→ **Exercise**
Leaving out all pictures, retype the records exactly.

→ **Entries supplied**
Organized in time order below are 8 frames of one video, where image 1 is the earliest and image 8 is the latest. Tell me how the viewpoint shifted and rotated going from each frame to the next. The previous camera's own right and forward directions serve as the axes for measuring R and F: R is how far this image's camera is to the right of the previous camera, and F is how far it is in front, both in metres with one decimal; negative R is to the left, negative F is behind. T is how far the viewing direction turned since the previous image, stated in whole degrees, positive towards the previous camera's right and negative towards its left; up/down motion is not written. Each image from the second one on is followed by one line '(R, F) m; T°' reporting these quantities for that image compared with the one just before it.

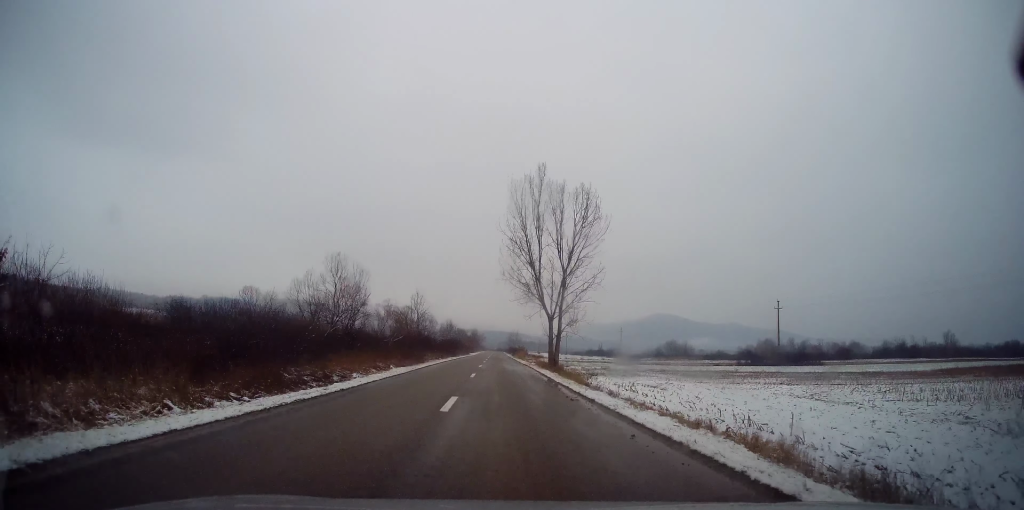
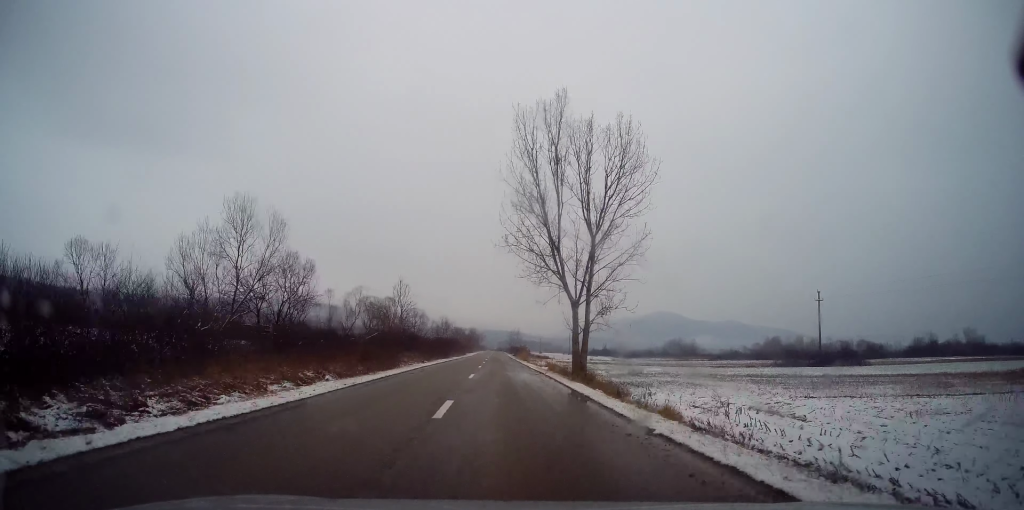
(+0.3, +12.8) m; 0°
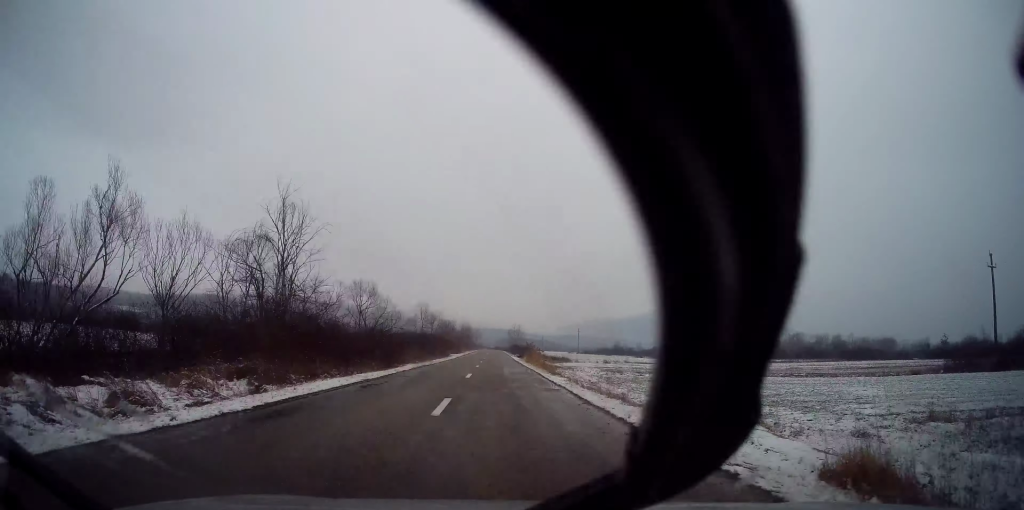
(-0.4, +34.4) m; -1°
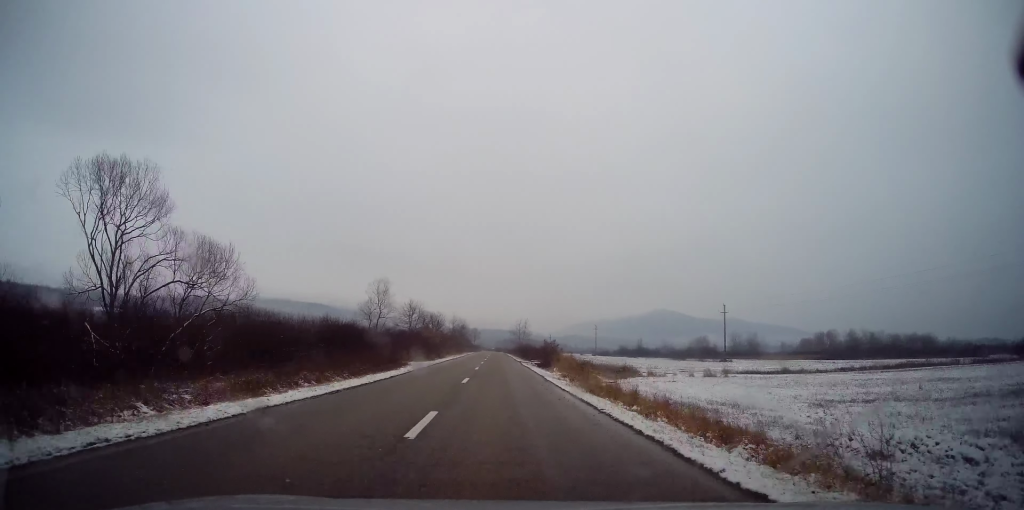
(+0.4, +37.7) m; +1°
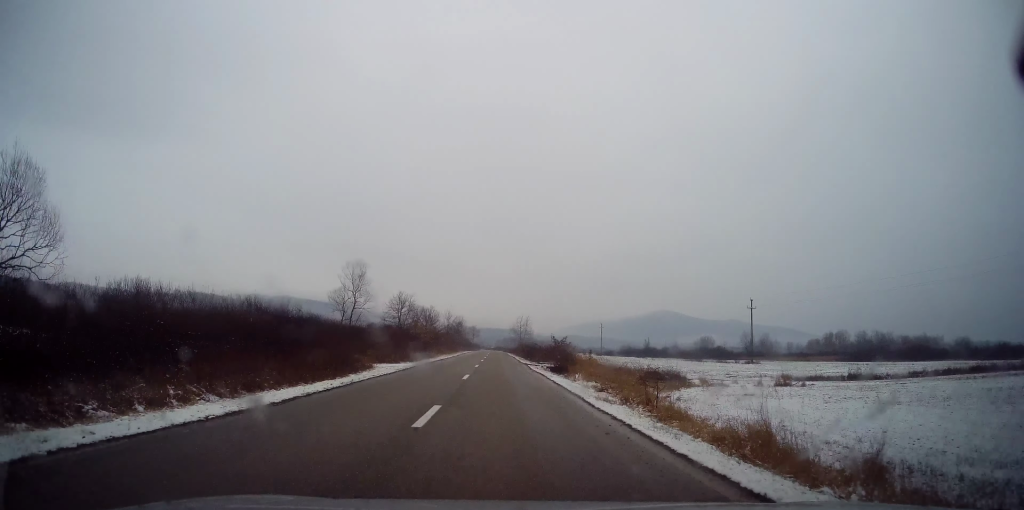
(0.0, +11.3) m; 0°
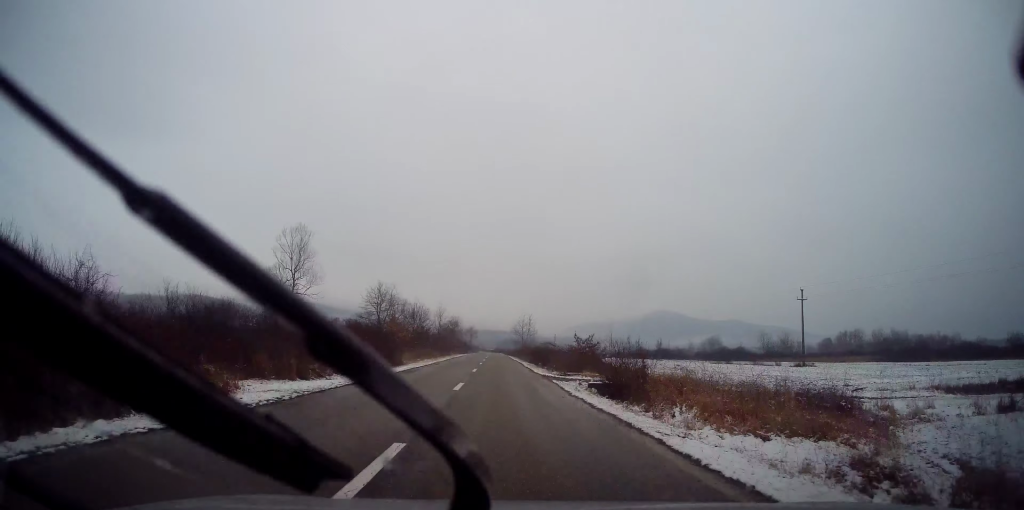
(0.0, +16.2) m; +1°
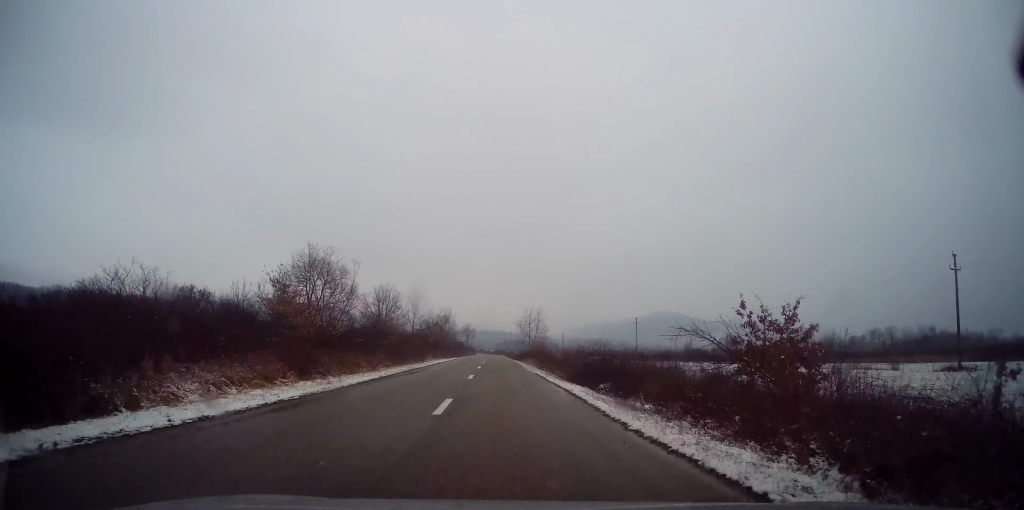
(+0.3, +29.3) m; 0°
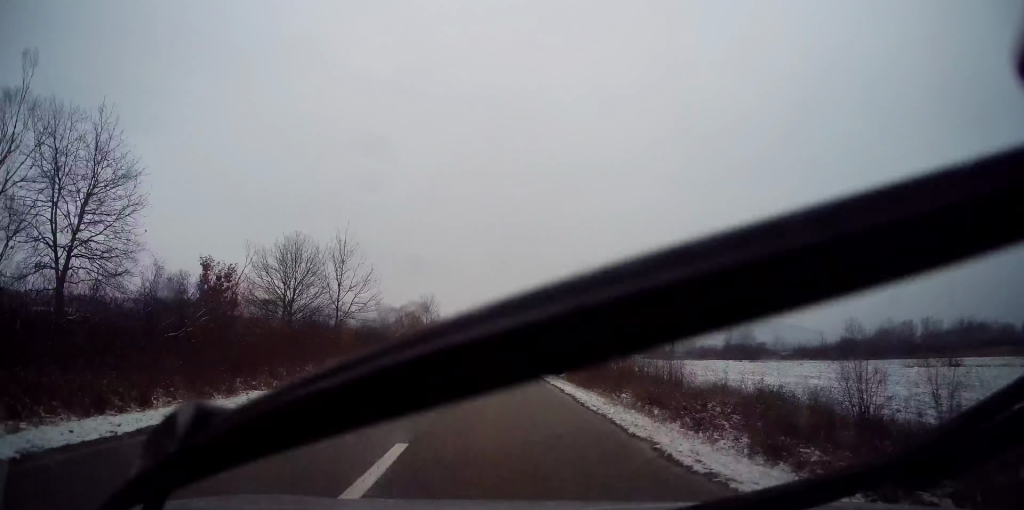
(-0.5, +29.7) m; -1°

→ **Written response**
Organized in time order below are 8 frames of one video, where image 1 is the earliest and image 8 is the latest. Tell me how the viewpoint shifted and rotated going from each frame to the next. The previous camera's own right and forward directions serve as the axes for measuring R and F: R is how far this image's camera is to the right of the previous camera, and F is how far it is in front, both in metres with one decimal; negative R is to the left, negative F is behind. T is how far the viewing direction turned since the previous image, stated in whole degrees, positive towards the previous camera's right and negative towards its left; up/down motion is not written. Each image from the second one on is followed by one line '(R, F) m; T°' reporting these quantities for that image compared with the one just before it.

(+0.3, +12.8) m; 0°
(-0.4, +34.4) m; -1°
(+0.4, +37.7) m; +1°
(0.0, +11.3) m; 0°
(0.0, +16.2) m; +1°
(+0.3, +29.3) m; 0°
(-0.5, +29.7) m; -1°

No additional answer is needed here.